The Scale of Confirmed Exposure
Within hours of the advisory going public, Namecheap, KnownHost, HostPapa, InMotion, and hosting.com all blocked access to cPanel and WHM ports across their own infrastructure. They locked their own customers out of their own control panels because the alternative was watching the entire customer base get compromised in real time.
That decision — to deliberately cut off legitimate customer access to self-service management tools — is not made lightly by any hosting provider. It is a last resort. The fact that major providers made it within hours of the advisory signals how seriously the technical staff at those companies assessed the immediate exploitation risk once the details were public.
On April 29, watchTowr published a full technical breakdown of the vulnerability along with a working proof-of-concept exploit. With a public exploit available and automated detection templates already built around it, the gap between disclosure and mass exploitation has closed. Anyone with a Shodan query and the PoC can scan and hit 1.5 million exposed instances.

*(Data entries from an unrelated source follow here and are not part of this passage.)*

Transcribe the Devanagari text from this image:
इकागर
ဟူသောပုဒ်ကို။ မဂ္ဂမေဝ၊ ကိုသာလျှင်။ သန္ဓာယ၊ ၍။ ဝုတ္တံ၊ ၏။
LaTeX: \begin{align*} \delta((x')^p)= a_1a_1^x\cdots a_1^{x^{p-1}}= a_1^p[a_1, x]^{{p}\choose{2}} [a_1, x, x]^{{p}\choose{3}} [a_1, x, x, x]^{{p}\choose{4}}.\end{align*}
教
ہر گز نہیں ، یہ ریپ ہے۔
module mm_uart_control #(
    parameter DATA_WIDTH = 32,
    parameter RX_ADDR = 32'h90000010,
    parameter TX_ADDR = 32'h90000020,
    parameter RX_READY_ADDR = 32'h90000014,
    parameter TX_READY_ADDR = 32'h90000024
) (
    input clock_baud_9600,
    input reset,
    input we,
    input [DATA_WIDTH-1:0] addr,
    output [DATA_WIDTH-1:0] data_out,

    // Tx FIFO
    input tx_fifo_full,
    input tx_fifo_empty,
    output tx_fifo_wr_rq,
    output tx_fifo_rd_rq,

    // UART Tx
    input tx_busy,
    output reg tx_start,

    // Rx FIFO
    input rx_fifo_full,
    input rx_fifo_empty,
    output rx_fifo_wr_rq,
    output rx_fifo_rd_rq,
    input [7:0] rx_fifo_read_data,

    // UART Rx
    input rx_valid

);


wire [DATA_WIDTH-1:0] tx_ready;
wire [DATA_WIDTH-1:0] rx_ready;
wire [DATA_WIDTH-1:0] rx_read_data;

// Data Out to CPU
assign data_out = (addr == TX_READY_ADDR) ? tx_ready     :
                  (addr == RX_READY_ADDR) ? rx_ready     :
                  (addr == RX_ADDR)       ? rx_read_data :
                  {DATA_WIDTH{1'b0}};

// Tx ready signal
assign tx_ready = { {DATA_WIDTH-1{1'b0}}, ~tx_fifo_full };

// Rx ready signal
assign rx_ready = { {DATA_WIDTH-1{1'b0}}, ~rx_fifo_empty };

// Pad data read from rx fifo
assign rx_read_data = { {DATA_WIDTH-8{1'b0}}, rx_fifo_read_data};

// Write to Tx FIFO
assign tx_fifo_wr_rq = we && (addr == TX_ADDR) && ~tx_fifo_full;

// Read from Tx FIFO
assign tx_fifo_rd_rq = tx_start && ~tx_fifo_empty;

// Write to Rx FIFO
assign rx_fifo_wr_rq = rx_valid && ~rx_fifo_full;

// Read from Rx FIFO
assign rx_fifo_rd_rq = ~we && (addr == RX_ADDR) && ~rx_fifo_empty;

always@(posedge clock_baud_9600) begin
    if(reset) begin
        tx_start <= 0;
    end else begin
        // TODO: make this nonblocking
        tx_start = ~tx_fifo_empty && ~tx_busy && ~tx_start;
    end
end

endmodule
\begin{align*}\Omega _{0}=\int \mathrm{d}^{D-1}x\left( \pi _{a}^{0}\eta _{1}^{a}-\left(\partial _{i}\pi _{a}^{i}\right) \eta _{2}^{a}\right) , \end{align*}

The PoC is public. The vulnerable population is Shodan-queryable. The exploit requires no authentication, no credentials, no prior access, and no specialized knowledge beyond the ability to send an HTTP request. Automation of this is not theoretical.
Servers That Were Patched Are Not Necessarily Clean
This is perhaps the most uncomfortable truth of the CVE-2026-41940 situation: patching closes the vulnerability. It does not undo anything that happened during the window.
A server that was running an unpatched cPanel installation between February 23 and April 28 was reachable by anyone who knew about this vulnerability. Whether any particular server was actually targeted during that window depends on factors no patch can retroactively determine.
The problem with a forged session attack is that its artifacts are specifically designed to look legitimate. Session files are transient by nature — they are created, used, and cleaned up constantly. A session created via this exploit and used briefly looks almost identical to a normal session in any reasonable log review. A backdoor account created through a forged WHM session is indistinguishable from an account a legitimate administrator created.
The 64-day window was long enough for thorough, patient attackers to establish persistence that outlasts both the patch and any first-pass forensic review of the obvious indicators.
A Function That Was Always There
The piece of this story that sits uncomfortably is how close the fix was to the problem all along.
filter_sessiondata — the function that strips CRLF characters from session data — was not missing from the codebase. It was not unwritten. It was not a new security control that needed to be designed, reviewed, and implemented. It existed. It worked. It had been in place for years. The entire exploit chain, all five steps of it, leading to unauthenticated root access across more than a million internet-exposed servers, ultimately rests on that function not being called from inside saveSession.
The patch took 2 to 3 hours to write and ship after the advisory went out. The exploitation window was 64 days. That window opened the day a researcher reported the issue to cPanel and got back the response that nothing was wrong. I cannot make this BOLD enough. “nothing is wrong”. Period.
That is the cost of a missed function call: 64 days of unrestricted access to the management plane of millions of websites, an unknown number of compromised servers with persistence that survived the patch, and a credential exposure footprint that extends far beyond any server that was directly hit.